::: Listed entries
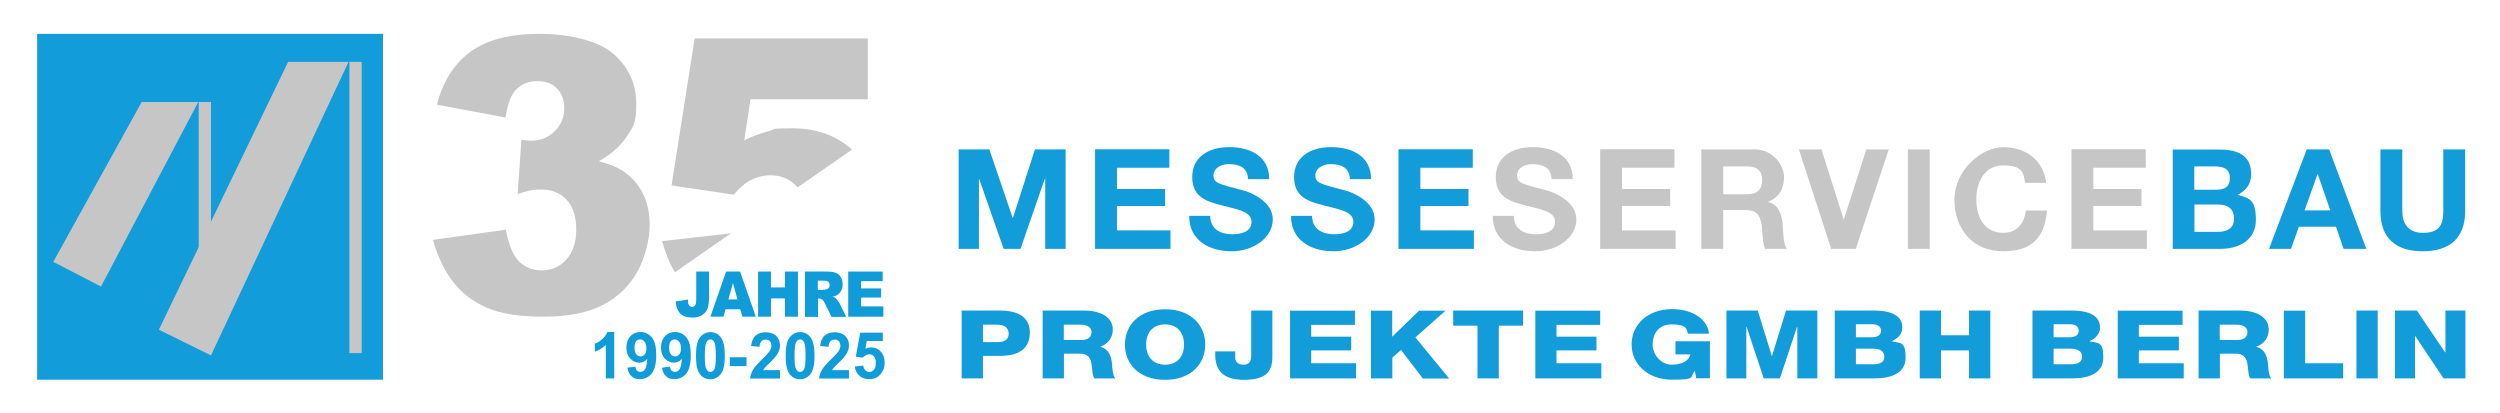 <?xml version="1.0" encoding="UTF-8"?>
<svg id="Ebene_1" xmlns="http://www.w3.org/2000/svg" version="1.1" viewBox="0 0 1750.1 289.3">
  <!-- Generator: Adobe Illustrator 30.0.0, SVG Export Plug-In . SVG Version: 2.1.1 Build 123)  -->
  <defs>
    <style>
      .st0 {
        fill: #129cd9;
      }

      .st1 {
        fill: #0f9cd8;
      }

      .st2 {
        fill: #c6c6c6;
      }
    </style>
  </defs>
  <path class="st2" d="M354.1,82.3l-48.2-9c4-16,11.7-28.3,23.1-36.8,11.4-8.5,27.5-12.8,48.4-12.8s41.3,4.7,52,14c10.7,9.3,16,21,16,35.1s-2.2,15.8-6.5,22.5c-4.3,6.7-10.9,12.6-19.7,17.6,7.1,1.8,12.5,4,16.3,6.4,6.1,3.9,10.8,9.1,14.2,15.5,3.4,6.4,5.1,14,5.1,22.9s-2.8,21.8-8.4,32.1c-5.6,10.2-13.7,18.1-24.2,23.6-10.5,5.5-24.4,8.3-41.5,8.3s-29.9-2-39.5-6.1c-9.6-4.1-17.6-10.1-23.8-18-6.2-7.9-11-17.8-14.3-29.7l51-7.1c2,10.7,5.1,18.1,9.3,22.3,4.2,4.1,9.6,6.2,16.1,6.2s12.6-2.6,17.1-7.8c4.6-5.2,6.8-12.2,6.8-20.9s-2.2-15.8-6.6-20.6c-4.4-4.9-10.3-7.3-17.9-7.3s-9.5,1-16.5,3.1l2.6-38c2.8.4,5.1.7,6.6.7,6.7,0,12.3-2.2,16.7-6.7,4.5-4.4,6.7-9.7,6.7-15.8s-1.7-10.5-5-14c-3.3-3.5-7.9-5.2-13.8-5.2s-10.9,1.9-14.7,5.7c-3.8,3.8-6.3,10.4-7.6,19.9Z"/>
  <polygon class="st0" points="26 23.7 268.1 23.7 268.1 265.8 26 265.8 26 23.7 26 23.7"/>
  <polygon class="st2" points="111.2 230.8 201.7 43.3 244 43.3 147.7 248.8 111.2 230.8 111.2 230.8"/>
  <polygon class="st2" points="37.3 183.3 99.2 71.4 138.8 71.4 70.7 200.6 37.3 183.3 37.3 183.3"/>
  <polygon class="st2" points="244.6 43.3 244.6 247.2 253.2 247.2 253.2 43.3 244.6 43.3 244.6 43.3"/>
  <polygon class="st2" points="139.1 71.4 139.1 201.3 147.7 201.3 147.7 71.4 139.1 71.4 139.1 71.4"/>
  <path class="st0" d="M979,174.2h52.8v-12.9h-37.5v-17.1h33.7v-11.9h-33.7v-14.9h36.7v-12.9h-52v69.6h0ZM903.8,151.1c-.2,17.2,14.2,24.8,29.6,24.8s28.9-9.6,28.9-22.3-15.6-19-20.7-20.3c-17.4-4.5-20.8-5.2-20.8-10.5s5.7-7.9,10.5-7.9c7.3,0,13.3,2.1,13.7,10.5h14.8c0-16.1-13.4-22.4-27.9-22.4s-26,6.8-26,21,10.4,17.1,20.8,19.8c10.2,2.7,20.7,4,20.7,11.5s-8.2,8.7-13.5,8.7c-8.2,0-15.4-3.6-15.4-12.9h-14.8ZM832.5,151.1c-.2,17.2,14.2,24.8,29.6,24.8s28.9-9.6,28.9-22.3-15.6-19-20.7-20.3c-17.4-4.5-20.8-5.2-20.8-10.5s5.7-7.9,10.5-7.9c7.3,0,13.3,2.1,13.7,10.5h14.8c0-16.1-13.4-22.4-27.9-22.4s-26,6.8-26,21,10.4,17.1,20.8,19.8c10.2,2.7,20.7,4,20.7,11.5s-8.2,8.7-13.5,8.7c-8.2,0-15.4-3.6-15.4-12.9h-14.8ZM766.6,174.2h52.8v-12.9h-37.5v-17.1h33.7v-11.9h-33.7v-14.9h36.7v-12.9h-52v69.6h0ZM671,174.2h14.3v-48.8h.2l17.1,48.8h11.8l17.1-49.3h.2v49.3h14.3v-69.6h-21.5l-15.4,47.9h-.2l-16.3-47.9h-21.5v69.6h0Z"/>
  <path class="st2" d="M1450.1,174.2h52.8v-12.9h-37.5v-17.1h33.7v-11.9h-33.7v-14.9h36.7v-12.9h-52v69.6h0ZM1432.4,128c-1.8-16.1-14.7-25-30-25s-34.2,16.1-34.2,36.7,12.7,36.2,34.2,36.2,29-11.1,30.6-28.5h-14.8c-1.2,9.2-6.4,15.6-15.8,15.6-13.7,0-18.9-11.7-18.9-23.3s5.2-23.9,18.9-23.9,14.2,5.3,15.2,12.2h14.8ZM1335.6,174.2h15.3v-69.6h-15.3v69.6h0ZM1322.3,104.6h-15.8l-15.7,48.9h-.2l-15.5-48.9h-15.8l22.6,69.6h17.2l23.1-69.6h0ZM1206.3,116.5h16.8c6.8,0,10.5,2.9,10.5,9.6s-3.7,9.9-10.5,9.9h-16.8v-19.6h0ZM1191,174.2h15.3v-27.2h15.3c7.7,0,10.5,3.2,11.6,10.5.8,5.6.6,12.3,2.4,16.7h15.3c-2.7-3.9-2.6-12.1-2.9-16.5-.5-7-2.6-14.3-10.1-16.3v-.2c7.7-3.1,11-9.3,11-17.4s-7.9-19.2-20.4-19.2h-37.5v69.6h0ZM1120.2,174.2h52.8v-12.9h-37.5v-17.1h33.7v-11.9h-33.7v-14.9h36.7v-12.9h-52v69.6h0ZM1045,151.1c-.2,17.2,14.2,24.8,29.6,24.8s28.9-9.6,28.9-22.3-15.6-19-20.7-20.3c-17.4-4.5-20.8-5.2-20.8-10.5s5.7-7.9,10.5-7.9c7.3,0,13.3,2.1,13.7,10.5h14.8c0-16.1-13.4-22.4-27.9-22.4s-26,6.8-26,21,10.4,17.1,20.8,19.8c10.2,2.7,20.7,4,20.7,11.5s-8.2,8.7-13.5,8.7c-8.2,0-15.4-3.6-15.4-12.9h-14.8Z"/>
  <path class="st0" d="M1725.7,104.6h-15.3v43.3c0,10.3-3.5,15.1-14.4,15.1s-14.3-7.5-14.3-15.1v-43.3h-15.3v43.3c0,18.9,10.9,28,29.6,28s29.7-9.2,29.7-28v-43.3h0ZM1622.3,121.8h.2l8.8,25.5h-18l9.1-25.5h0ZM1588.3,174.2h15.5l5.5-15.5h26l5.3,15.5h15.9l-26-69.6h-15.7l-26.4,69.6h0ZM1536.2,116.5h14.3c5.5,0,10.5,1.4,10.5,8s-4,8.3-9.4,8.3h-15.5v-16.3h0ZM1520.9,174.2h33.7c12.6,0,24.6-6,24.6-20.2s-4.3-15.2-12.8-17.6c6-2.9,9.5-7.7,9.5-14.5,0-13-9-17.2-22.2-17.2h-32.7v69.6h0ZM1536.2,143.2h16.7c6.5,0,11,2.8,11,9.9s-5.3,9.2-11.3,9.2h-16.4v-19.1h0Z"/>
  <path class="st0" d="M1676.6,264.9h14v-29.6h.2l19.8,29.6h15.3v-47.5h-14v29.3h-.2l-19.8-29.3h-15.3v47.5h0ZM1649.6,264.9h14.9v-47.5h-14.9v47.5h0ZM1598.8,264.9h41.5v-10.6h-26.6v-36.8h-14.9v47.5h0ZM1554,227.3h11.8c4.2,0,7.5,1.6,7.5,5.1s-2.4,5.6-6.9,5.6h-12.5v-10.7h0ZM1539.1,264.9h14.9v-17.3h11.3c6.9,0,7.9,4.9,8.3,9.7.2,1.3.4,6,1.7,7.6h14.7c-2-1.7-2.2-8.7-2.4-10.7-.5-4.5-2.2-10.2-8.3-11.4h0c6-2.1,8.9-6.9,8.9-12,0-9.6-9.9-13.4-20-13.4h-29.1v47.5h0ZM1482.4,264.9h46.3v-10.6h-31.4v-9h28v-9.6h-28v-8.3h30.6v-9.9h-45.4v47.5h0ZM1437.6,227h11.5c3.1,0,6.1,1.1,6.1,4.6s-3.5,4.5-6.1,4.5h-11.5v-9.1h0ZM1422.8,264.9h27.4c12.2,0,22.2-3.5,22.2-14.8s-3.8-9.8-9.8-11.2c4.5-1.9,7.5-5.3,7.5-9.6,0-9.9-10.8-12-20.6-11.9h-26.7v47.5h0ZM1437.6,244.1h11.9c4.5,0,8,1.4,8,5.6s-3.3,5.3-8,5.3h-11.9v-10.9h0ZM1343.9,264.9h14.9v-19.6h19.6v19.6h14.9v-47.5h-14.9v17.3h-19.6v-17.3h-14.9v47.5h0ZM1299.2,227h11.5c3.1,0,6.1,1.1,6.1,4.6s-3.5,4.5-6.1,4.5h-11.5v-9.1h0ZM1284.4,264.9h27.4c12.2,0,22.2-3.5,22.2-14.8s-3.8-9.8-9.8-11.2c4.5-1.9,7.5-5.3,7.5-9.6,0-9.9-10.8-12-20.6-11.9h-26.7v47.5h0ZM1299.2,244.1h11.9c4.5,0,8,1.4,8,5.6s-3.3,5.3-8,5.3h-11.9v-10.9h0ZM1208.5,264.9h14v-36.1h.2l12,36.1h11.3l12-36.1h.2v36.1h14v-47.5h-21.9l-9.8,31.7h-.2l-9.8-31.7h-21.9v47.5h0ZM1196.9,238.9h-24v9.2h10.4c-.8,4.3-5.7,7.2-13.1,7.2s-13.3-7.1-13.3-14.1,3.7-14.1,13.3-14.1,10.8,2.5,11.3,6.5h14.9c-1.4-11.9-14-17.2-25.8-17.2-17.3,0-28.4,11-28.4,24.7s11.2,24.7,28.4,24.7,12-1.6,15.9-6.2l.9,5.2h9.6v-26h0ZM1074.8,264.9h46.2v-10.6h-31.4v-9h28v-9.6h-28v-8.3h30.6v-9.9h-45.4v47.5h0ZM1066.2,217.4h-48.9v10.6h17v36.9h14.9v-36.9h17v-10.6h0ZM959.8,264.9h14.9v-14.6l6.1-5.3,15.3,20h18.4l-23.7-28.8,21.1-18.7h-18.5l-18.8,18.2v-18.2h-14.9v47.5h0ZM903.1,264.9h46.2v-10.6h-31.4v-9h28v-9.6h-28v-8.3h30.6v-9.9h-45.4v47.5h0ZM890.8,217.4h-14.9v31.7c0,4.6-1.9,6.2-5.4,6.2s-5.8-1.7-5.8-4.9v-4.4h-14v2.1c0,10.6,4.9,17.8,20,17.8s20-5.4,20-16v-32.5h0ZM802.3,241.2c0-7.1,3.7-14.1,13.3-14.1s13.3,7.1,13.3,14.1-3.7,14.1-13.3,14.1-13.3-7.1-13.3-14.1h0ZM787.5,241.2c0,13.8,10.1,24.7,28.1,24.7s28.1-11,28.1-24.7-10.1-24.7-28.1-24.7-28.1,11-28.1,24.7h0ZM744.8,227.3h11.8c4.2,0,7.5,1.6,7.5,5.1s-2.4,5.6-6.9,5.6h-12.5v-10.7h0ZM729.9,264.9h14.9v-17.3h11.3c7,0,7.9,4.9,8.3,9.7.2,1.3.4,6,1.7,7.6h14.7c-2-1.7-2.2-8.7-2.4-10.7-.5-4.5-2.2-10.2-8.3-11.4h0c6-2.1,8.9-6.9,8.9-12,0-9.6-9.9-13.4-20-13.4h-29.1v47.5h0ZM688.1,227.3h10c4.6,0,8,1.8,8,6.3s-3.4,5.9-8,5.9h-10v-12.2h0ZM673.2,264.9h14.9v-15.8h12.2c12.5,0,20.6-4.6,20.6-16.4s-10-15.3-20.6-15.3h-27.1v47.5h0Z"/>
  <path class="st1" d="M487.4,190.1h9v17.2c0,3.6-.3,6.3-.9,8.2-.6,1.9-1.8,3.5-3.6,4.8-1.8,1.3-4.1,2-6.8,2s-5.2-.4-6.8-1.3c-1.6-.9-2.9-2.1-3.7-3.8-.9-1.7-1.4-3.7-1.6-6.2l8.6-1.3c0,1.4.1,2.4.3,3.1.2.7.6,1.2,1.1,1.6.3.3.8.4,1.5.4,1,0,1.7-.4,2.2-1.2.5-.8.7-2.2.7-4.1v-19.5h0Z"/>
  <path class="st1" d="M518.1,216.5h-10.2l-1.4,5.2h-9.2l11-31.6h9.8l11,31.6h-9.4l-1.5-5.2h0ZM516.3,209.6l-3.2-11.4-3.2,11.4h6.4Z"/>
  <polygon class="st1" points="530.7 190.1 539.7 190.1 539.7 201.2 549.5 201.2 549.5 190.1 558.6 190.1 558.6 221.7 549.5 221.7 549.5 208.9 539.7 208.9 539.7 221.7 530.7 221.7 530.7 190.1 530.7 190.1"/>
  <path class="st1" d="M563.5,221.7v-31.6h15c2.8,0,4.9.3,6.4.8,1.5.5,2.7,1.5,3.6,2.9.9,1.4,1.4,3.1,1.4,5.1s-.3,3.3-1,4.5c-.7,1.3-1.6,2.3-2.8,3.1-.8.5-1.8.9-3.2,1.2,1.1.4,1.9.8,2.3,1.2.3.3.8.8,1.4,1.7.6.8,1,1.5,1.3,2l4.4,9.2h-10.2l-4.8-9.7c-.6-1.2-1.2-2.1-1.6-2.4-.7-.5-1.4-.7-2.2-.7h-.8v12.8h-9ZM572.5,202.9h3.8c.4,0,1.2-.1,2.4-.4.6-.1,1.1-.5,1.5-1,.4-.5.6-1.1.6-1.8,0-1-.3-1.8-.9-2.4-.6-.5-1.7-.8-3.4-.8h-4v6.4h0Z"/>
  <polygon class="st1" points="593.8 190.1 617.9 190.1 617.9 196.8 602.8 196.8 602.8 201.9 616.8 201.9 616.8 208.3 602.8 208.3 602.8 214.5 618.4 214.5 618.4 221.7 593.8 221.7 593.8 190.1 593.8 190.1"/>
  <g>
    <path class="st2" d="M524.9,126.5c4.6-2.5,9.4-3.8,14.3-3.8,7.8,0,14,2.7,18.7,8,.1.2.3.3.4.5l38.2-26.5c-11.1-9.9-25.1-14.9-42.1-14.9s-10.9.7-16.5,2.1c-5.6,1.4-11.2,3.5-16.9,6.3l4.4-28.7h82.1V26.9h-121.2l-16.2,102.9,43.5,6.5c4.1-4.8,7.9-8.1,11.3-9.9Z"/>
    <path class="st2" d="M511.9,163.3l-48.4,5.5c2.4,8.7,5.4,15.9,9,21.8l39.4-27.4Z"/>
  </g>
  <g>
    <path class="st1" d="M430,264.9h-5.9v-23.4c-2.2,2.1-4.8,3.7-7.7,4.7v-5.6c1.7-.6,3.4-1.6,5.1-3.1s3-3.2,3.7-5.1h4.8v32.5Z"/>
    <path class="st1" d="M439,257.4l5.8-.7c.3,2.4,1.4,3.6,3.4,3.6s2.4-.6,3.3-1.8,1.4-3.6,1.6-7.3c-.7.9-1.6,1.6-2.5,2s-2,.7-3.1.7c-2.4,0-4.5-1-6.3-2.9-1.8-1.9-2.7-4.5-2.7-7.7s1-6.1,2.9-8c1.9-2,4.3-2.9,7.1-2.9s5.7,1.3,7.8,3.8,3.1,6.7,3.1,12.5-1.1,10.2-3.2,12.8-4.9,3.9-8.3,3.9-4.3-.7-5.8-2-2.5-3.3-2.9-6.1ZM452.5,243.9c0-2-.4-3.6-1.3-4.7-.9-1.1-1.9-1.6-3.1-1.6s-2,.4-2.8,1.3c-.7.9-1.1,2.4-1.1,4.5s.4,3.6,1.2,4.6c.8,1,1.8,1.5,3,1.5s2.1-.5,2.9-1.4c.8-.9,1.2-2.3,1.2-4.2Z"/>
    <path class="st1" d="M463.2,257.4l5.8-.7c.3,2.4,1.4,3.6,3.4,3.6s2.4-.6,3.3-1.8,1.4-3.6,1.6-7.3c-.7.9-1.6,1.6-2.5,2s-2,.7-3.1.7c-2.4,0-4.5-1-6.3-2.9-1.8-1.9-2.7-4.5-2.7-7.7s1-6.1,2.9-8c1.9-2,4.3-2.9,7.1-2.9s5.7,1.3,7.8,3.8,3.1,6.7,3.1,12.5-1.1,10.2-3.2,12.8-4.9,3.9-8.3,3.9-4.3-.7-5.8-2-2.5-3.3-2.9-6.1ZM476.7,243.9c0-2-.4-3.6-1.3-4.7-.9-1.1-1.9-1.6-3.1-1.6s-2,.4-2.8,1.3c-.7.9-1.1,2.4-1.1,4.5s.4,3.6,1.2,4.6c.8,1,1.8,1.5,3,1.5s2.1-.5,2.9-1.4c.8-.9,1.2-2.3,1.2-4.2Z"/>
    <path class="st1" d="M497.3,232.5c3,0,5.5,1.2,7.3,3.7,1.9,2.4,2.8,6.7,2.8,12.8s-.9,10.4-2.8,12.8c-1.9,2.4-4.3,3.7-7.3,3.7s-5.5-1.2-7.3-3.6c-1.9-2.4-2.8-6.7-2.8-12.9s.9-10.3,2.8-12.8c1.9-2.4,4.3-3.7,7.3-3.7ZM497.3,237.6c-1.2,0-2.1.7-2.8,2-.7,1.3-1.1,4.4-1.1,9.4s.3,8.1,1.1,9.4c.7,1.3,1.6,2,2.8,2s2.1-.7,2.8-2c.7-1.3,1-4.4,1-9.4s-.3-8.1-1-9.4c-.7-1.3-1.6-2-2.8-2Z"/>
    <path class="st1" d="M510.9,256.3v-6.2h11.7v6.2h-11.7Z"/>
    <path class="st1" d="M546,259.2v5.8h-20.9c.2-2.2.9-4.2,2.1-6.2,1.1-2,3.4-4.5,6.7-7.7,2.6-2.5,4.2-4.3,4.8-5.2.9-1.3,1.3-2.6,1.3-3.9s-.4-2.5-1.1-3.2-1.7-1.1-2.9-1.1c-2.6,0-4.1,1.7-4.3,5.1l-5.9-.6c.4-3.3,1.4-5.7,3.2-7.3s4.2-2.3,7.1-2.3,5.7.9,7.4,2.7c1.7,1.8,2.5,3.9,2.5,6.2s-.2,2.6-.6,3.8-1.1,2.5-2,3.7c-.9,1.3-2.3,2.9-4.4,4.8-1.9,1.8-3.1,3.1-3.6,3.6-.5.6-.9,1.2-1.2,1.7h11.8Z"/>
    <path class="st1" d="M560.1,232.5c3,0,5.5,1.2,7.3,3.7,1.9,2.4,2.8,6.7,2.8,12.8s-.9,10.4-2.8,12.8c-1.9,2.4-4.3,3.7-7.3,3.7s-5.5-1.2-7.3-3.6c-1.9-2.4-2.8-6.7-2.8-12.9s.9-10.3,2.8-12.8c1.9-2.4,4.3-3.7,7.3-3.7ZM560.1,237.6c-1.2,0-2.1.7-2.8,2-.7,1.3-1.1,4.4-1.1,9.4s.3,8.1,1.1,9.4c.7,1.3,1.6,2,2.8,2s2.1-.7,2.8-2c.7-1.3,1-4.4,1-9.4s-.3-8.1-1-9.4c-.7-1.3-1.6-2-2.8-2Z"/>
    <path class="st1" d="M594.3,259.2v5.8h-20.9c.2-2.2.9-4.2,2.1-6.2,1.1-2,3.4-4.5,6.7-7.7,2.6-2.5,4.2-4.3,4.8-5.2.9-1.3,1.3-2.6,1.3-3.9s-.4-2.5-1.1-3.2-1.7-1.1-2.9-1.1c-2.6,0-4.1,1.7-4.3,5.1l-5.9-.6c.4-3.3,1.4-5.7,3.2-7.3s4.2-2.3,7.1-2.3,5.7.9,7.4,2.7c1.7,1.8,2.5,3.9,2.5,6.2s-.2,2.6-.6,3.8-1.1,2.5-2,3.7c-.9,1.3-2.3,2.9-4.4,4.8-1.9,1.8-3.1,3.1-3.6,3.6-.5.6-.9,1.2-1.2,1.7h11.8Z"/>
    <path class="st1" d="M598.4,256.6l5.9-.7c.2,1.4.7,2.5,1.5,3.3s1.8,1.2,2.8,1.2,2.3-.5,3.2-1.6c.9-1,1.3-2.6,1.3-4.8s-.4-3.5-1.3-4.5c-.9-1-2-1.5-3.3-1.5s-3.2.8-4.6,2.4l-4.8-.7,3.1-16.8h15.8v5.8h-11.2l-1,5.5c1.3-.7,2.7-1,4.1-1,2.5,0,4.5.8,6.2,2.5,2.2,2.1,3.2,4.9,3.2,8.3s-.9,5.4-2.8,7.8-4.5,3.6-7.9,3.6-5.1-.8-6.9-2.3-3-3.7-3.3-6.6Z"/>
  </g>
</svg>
::::::
**Task to complete:** Copy out each line in the preceding records that contains "points".

**Exercise answer:**
  <polygon class="st0" points="26 23.7 268.1 23.7 268.1 265.8 26 265.8 26 23.7 26 23.7"/>
  <polygon class="st2" points="111.2 230.8 201.7 43.3 244 43.3 147.7 248.8 111.2 230.8 111.2 230.8"/>
  <polygon class="st2" points="37.3 183.3 99.2 71.4 138.8 71.4 70.7 200.6 37.3 183.3 37.3 183.3"/>
  <polygon class="st2" points="244.6 43.3 244.6 247.2 253.2 247.2 253.2 43.3 244.6 43.3 244.6 43.3"/>
  <polygon class="st2" points="139.1 71.4 139.1 201.3 147.7 201.3 147.7 71.4 139.1 71.4 139.1 71.4"/>
  <polygon class="st1" points="530.7 190.1 539.7 190.1 539.7 201.2 549.5 201.2 549.5 190.1 558.6 190.1 558.6 221.7 549.5 221.7 549.5 208.9 539.7 208.9 539.7 221.7 530.7 221.7 530.7 190.1 530.7 190.1"/>
  <polygon class="st1" points="593.8 190.1 617.9 190.1 617.9 196.8 602.8 196.8 602.8 201.9 616.8 201.9 616.8 208.3 602.8 208.3 602.8 214.5 618.4 214.5 618.4 221.7 593.8 221.7 593.8 190.1 593.8 190.1"/>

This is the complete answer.